NextImg:The Corner: A Senator, a Cardinal, the Pope, and the Imperative of Life

I suppose the Archdiocese of Chicago gets some grace period for raising a pope. But the honeymoon may be ending, given what the cardinal there just put us through. It was possibly the most annoyingly unnecessary controversy of the year.

The archdiocese announced that it would honor Illinois Senator Dick Durbin with a lifetime achievement award at an immigration event. Many of us spoke out against it; among the critics were bishops, including Durbin’s own bishop in Springfield (although Cardinal Cupich suggests approvingly that he’s shopped for a more favorable one — namely, Cupich). When all was said and done, a reporter had gotten the pope to say something vague and unencouraging to those of us who are demoralized by the moral muddle emanating from the Catholic Church.

Durbin has decided not to receive the award. Cardinal Cupich is not pleased. In a statement about polarization and all the pro-life issues, he missed the opportunity to point out that former Illinois Congressman Dan Lipinski, a Democrat, challenged his party on life — taking Catholic social teaching seriously across the board — and was punished for it by the Democrats and the abortion industry.

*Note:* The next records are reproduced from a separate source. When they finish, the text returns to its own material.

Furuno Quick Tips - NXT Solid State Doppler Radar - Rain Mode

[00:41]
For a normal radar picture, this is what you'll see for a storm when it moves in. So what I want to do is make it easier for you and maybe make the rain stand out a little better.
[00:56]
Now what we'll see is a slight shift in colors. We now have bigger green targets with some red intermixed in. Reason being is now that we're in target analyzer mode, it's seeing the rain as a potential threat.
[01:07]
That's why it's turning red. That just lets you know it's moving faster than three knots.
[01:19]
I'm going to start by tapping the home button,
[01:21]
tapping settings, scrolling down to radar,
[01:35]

Last Thursday night, I was emceeing a fundraiser in Chicago for Aid to Women, which runs pregnancy-care centers and maternity homes there. At one point, while I was speaking, I was looking straight at Lipinski. I almost made up a lifetime achievement award on the spot, except he has plenty of lifetime in him yet. But he has the right idea.

We may never know if Durbin was asked to step aside from the award by someone in the church. Rumor has it that the bishops’ conference felt that it was going to have to weigh in, which could have been embarrassing for Cupich.

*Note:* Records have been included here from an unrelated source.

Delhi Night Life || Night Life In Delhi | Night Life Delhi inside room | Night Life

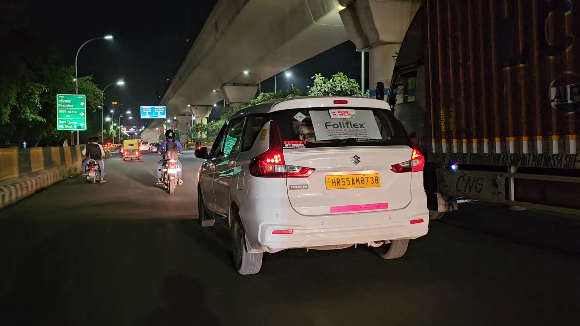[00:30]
बारा बजे का भी सीन आप देख सकते हैं यह है मामूरा यह देखें अब भाई भाई
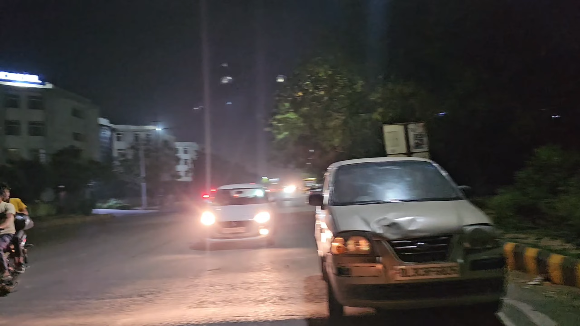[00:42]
भाई मरवाई का चा बिल्कुल अंदे तो है आज की व्लोग में आपको दिखाने वाला हूं वह नोएडा की नाइट लाइफ और माज आने वाला हूं नोएडा सेक्टर बासक की तरफ
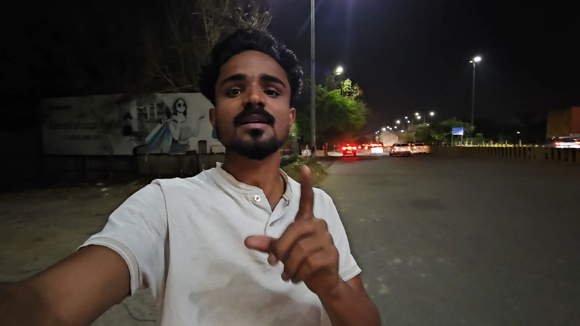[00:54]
जो है आज का बलोग कैसे बन पाता है नाइटका तो आप लोग कंड़ीनी बलोग में बने रहा ना वैसा आरा नजारा वा काली सच्चा है सब कुद आज की व्लोग में आपको दिखाने वह निकलते यांता फटट पटट इस मैं निकल चुका हूं बाई अपी और अब देश है
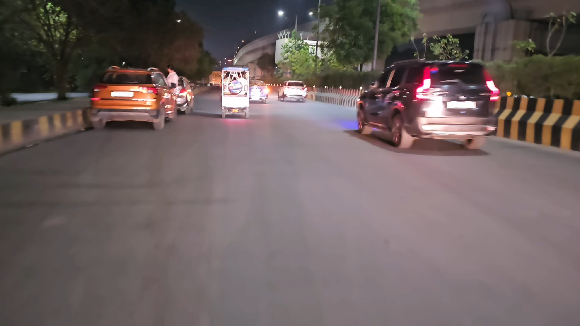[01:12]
यह सीधा सेटर बाता की तरफ जाना राहा है और यह वाला की यह गलाध रोट है सीधा अंदर जा रहा है
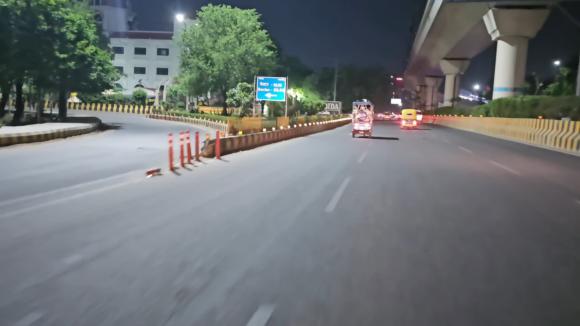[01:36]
सीधा पारम एंससे नि rate थार प्रेफण की तरफ जाना है कि ठी ऑन्ट अब है आप दो रह लिए मतलब
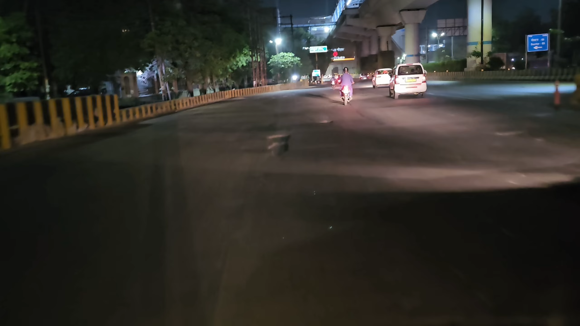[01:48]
वहाई
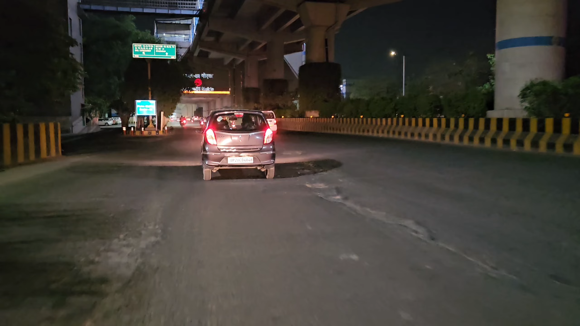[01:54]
जाना का सव् worrying जैसे कि आप समध पार होंगा मैं क्या कहना चाह रहा हूं और यह है सक्टर 69 एड़ा देख
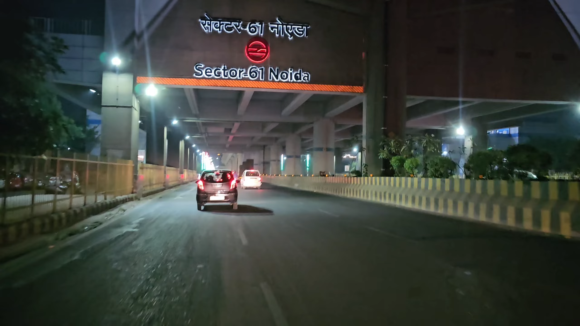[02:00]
सकते हैं आप मैट्रो स्टेशन की नीचे आ चुक हूँ वह भी ठीक है अब है अब ही मैं जा
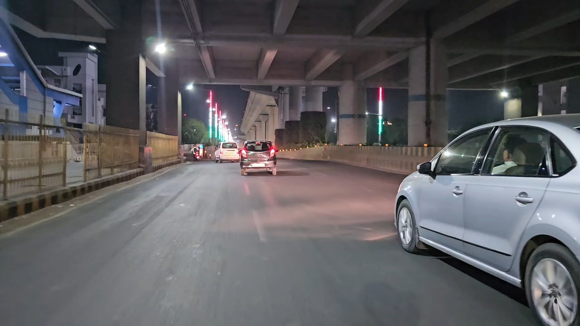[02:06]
रहा हूं सीधा अंडर ग्राओं अंडर पास के अंदर यह देखो भाई आपी खतरनाक � सब्सक्राइब देख सकते हैं यह देख सकते हैं
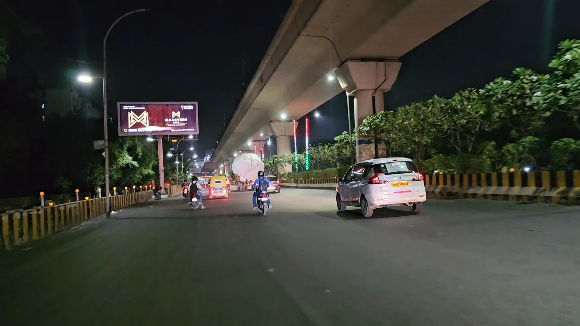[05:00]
पता नहीं कहां कहां सा आते हैं यहां रहसे लोगी यह देखो भाई यह आई ब्लट कलर गी अभी नहीं लादिया निगाल का नंबर प्रेट मिनाइस पर दो
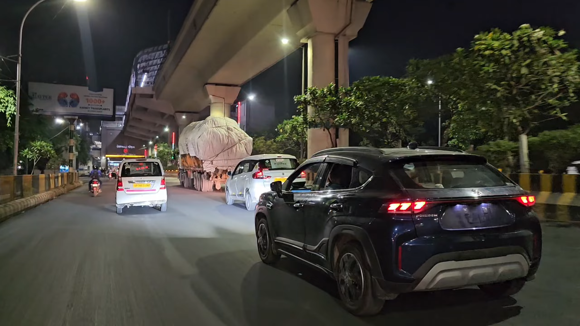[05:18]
अब यह साइट देगा या नहीं देगा अभी
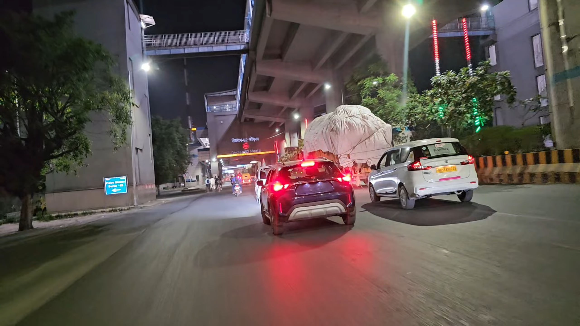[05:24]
आ चुगे राई सैक्टर बाशक यह उसका मेट्रो स्केशन मुझे आगे सभी नियोटल लेनी
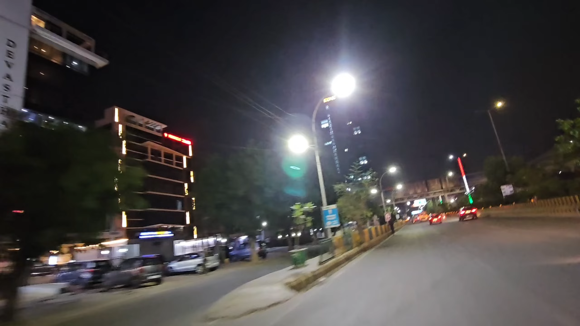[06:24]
बड़ी-बड़ी विल्डिंग है आपको देखने के लिए मिलेंगी राग का नजारा को जैसा होता है यह देखे वाई आई कोनिक कंपनी है बहुत बड़ी है यहाँ
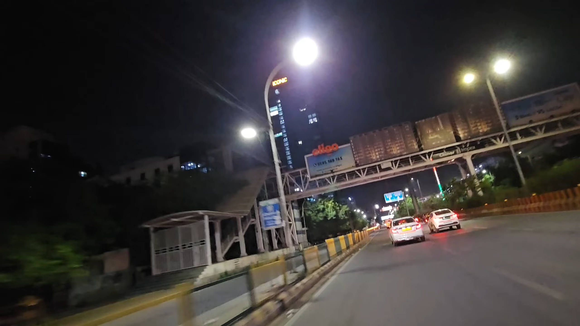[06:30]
पर लाको करोडों के हिसाब ज देखिए यह देख सकते हैं
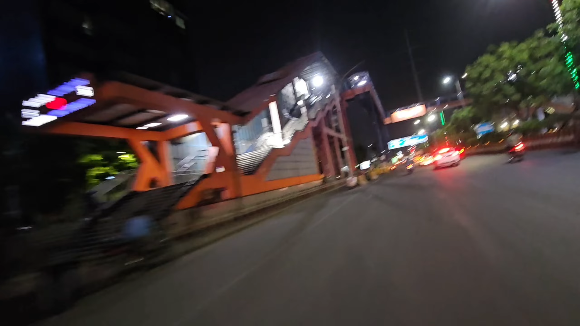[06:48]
और अब मुझे आगे से नियोटल लेना पड़ेगा गुगा के आगे फाइनल इगा इस सब भी ले लेता हूं मैं राइट को यहां से
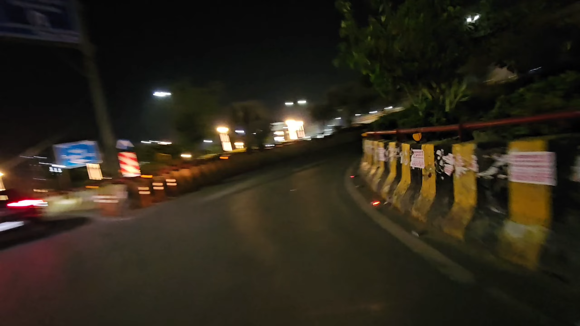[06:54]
अब यह माचुका हूं बहुत सब्सक्राइट के साइट देख सकते हैं यहां के कुछ नजारा यह देखो ब�
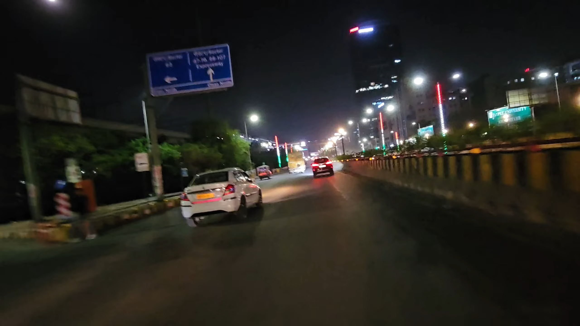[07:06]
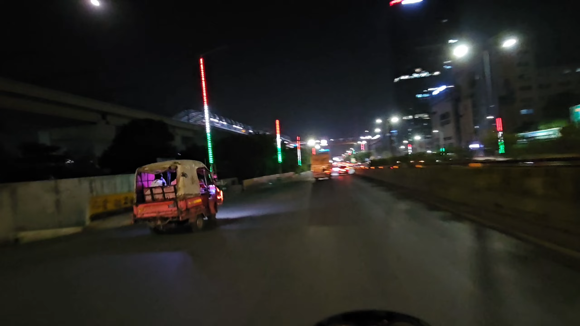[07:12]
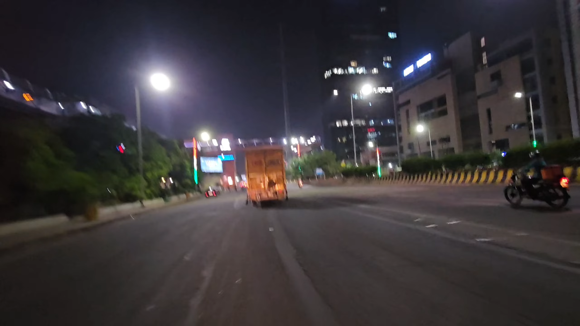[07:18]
यह देखो बाइस जैमोट वाला विचारा कैसा महनत कर रहा है अब रात वाइट विचारे तमसाम

Do the pope’s comments indicate he is on Cupich’s side, and in other circumstances might have been in the audience cheering Durbin on? I think to assume so would be to fall into exactly the routine he seems to want to urge us away from. Not everything is red vs. blue. Christ’s are more vibrant colors — calling us to be far more radical than any political platform.

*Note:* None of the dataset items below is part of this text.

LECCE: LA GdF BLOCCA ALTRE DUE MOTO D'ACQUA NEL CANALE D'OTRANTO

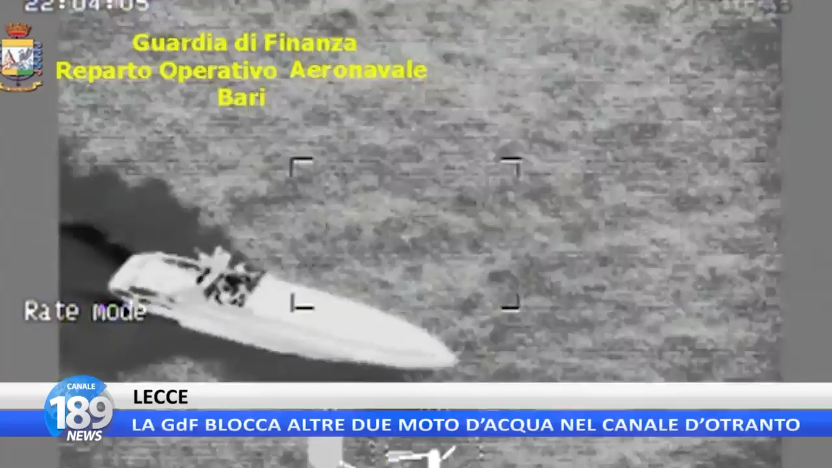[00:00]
Ancora una nottata movimentata nel canale d'Otranto fra il 30 e il 31 agosto. Due potenti acquascooter sono incappati nelle maglie del dispositivo di vigilanza quotidianamente dispiegato dal reparto operativo aeronavale di Bari, coordinato con il gruppo aeronavale di Taranto. Le due veloci moto d'acqua sono state intercettate poco a largo di San Foca
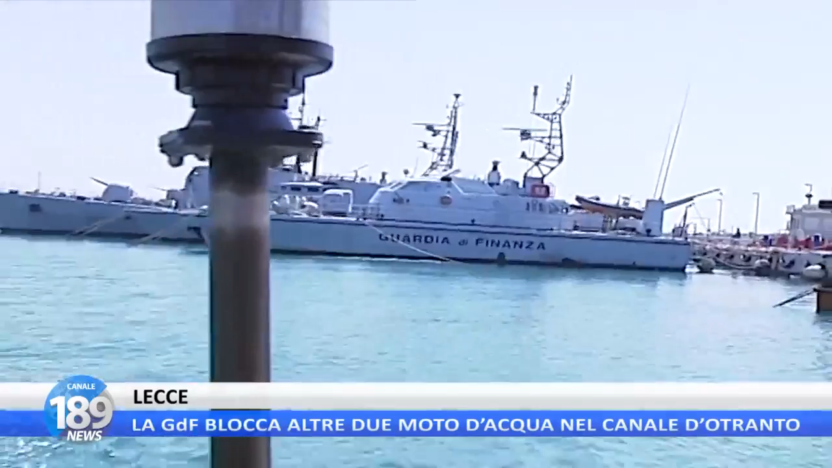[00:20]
da una motovedetta delle fiamme gialle che perlustrava quel tratto di mare.
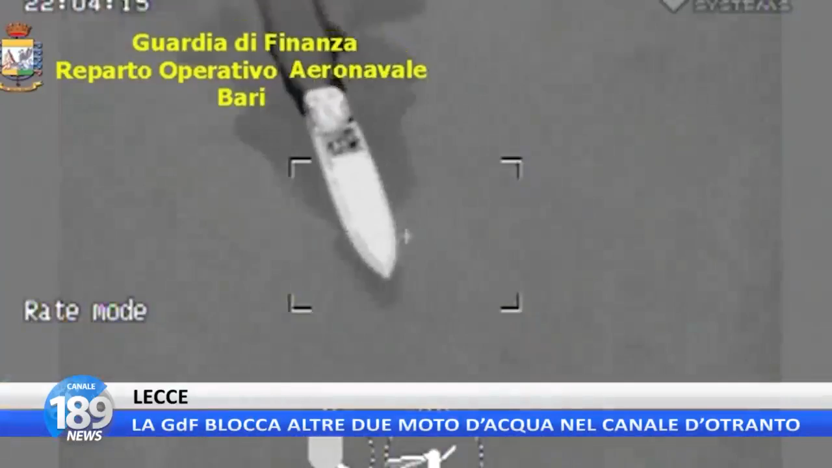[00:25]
Alla vista della motovedetta i due acquascooter hanno aumentato subito la velocità per sottrarsi al controllo. Ne è scaturito così un movimentato inseguimento notturno conclusosi con il fermo il mare del primo mezzo con a bordo un giovane scafista albanese e il rintraccio del secondo mezzo abbandonato dall'altro scafista in fuga nei pressi di Punta Cassano, comune di Melendugno, da una pattuglia dei finanzieri del comando provinciale di Lecce che nel frattempo era stata attivata via radio dai colleghi in mare.

And the fact is that we cannot go on with Democrats being for abortion and Republicans being against. Given the last presidential platform after Dobbs, the Republicans aren’t even reliable there anymore. In some sense, it’s just as well, since maybe life after Roe means that politicians are going to be more honest when they really don’t care about abortion one way or another.

As science and our emotions show, unborn life is developing human life. When we want the baby, we see it as a baby, born or unborn. It’s just when convenience becomes our priority that meanings change and the value of human life is abandoned. Abortion is murder.

This is miserable.

What Pope Leo said was not his version of John Paul II’s Evangelium Vitae (the Gospel of Life). We have miles to go with this pontiff yet, and everyone should take a deep breath before issuing celebratory press releases or condemnations in X posts about what he said.

Yesterday, the March for Life announced its theme for the January march: Life is a gift. Beautifully basic. How can we adapt to that — personally, practically, politically? The March for Life isn’t a Republican or Democratic event. So let’s start again with the simple and all-encompassing premise that life is a gift. Let’s meet there and see what we can do to protect it and help it flourish.